No, no. The exact opposite. My problem is the IR kill intrinsic is not a terminator. In the MIR exec modifications should be terminators as that's the only real mechanism for ensuring correct spill placement around them

Since I don't really like kills being terminators either, I am going to investigate changing that before pushing this further.

No, no. The exact opposite. My problem is the IR kill intrinsic is not a terminator. In the MIR exec modifications should be terminators as that's the only real mechanism for ensuring correct spill placement around them

Ah sorry, I did indeed misread your "isn't" as "is".
Can intrinsics even be terminators?
Or are you suggesting that we should split the block at the kill in the IR level very early in the backend?

Since I don't really like kills being terminators either, I am going to investigate changing that before pushing this further.

No, no. The exact opposite. My problem is the IR kill intrinsic is not a terminator. In the MIR exec modifications should be terminators as that's the only real mechanism for ensuring correct spill placement around them

Ah sorry, I did indeed misread your "isn't" as "is".
Can intrinsics even be terminators?

Almost. Recently the callbr instruction was added. I was thinking about using it for kills, but I haven't thought about this too carefully

Or are you suggesting that we should split the block at the kill in the IR level very early in the backend?

My initial thought is splitting blocks in the IR wouldn't be helpful. IR transforms are more likely to glue these blocks right back together again. Overall I'm more interested in moving towards the wave transform control flow lowering rather than thinking about how to improve the current IR pass flow

! In D97427#2587524, @arsenm wrote:

! In D97427#2587522, @critson wrote:
Or are you suggesting that we should split the block at the kill in the IR level very early in the backend?

My initial thought is splitting blocks in the IR wouldn't be helpful. IR transforms are more likely to glue these blocks right back together again. Overall I'm more interested in moving towards the wave transform control flow lowering rather than thinking about how to improve the current IR pass flow

I agree that focusing our energy on wave transform control flow is the way to go.
However, this is a legitimate bug causing Piglet test failures for Mesa so it would be good to fix it.

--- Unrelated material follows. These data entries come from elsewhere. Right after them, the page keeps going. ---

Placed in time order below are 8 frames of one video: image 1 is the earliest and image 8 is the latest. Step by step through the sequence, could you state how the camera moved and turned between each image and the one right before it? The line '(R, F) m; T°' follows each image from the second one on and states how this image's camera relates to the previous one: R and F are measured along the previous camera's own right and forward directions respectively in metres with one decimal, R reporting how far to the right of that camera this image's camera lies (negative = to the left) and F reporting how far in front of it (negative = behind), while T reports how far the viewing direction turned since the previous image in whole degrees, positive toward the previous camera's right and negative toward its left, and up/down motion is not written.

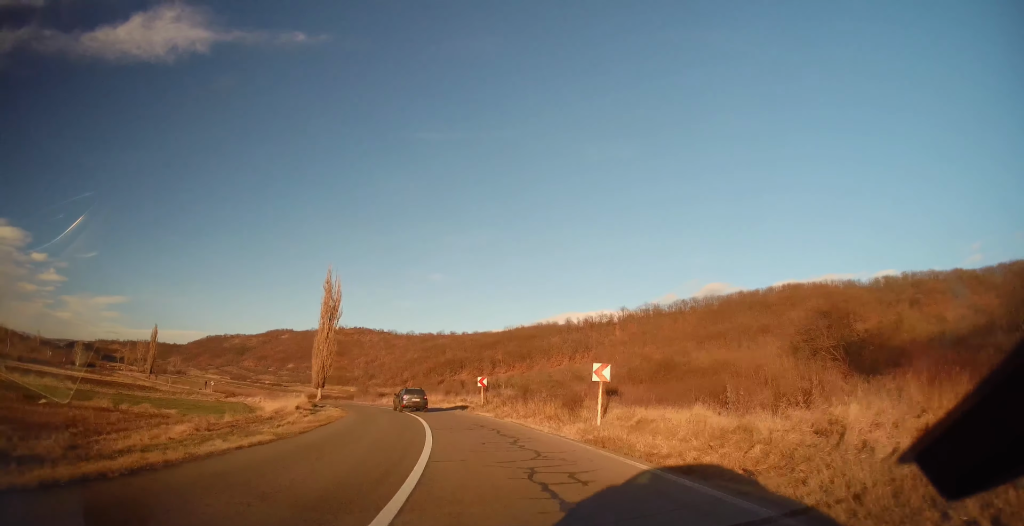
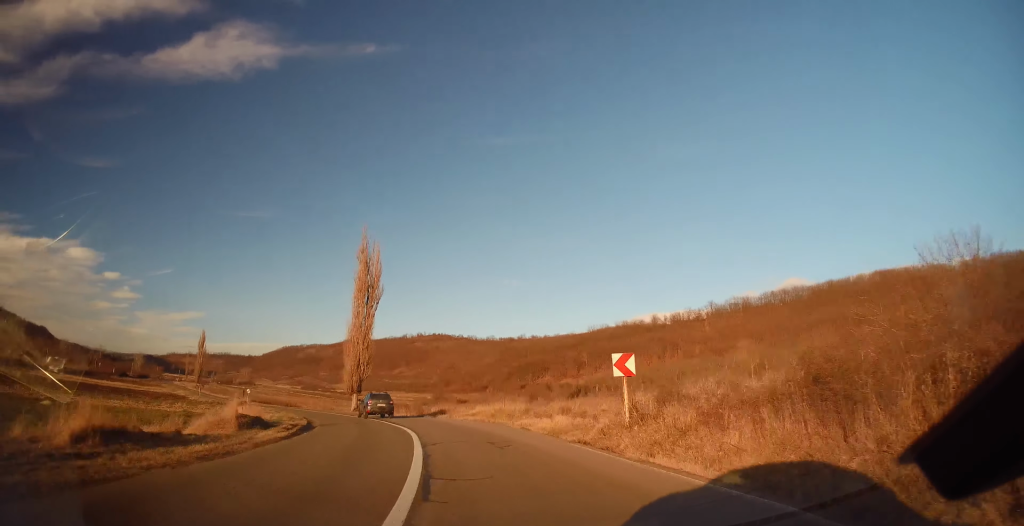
(-1.6, +23.1) m; -11°
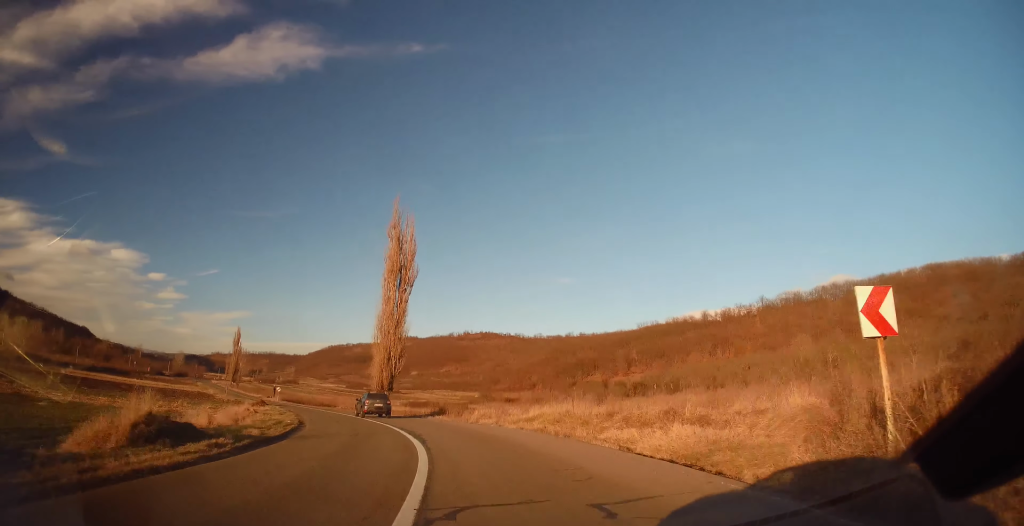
(-0.3, +9.0) m; -5°
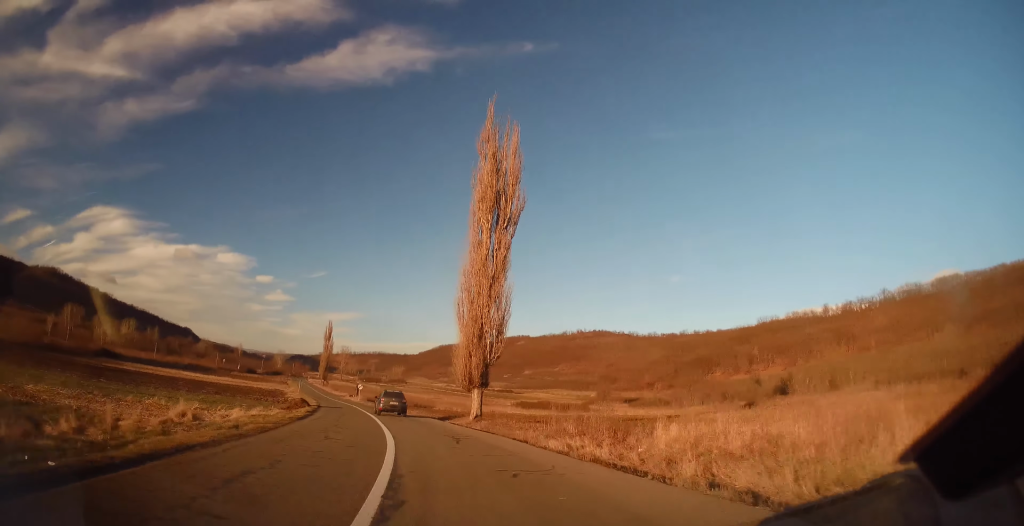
(-2.3, +19.9) m; -11°
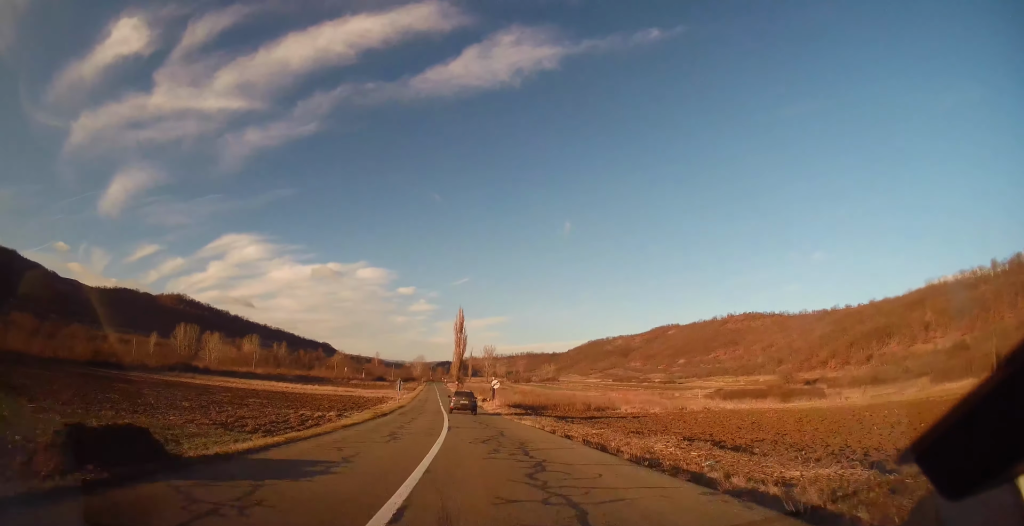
(-4.7, +38.5) m; -11°
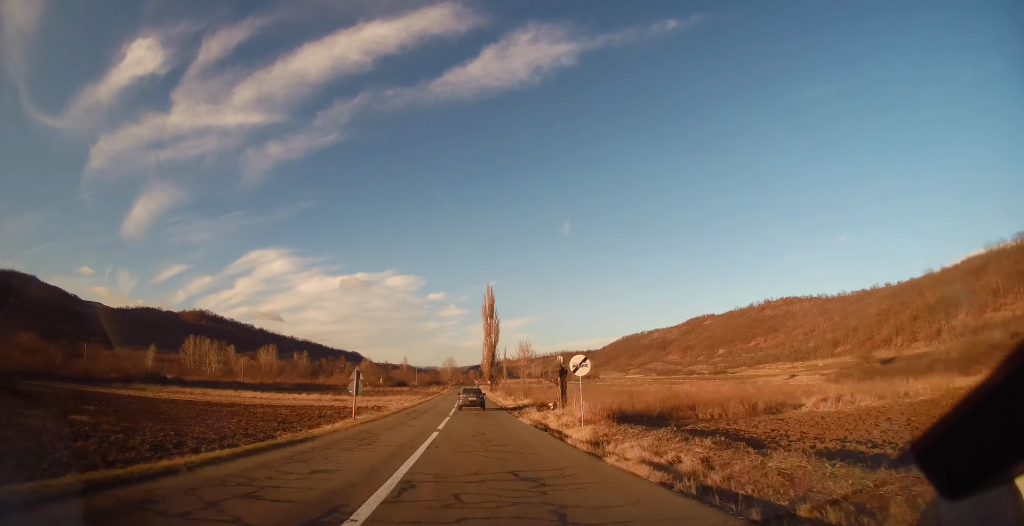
(-1.3, +34.8) m; -4°
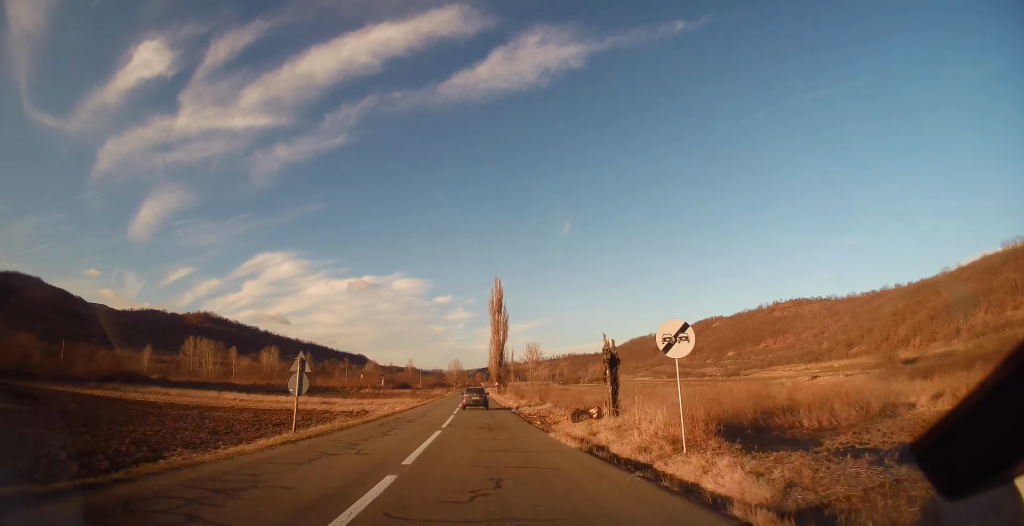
(-0.2, +10.3) m; 0°
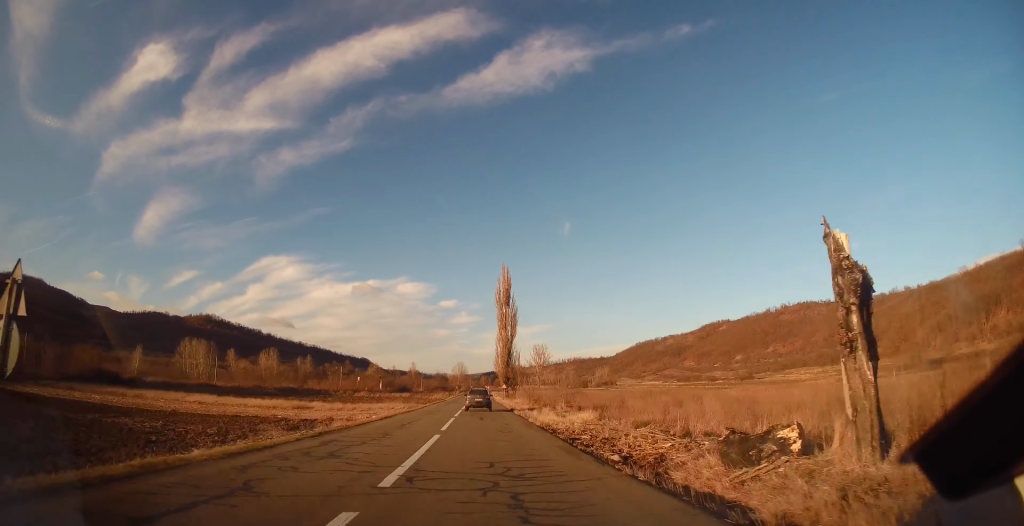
(-0.2, +13.4) m; 0°

Returning to your question about "transitive successors".
I do not think this is an issue -- the problem is with else being put in the same block as a kill causing that kill to executed as if it was part of the preceding if-branch.
If we place an else in a transitive successor then that implies the kill was genuinely part of the if-branch, which is fine.

arsenm accepted this revision.Mar 10 2021, 5:54 AM
This revision is now accepted and ready to land.Mar 10 2021, 5:54 AM

Returning to your question about "transitive successors".
I do not think this is an issue -- the problem is with else being put in the same block as a kill causing that kill to executed as if it was part of the preceding if-branch.
If we place an else in a transitive successor then that implies the kill was genuinely part of the if-branch, which is fine.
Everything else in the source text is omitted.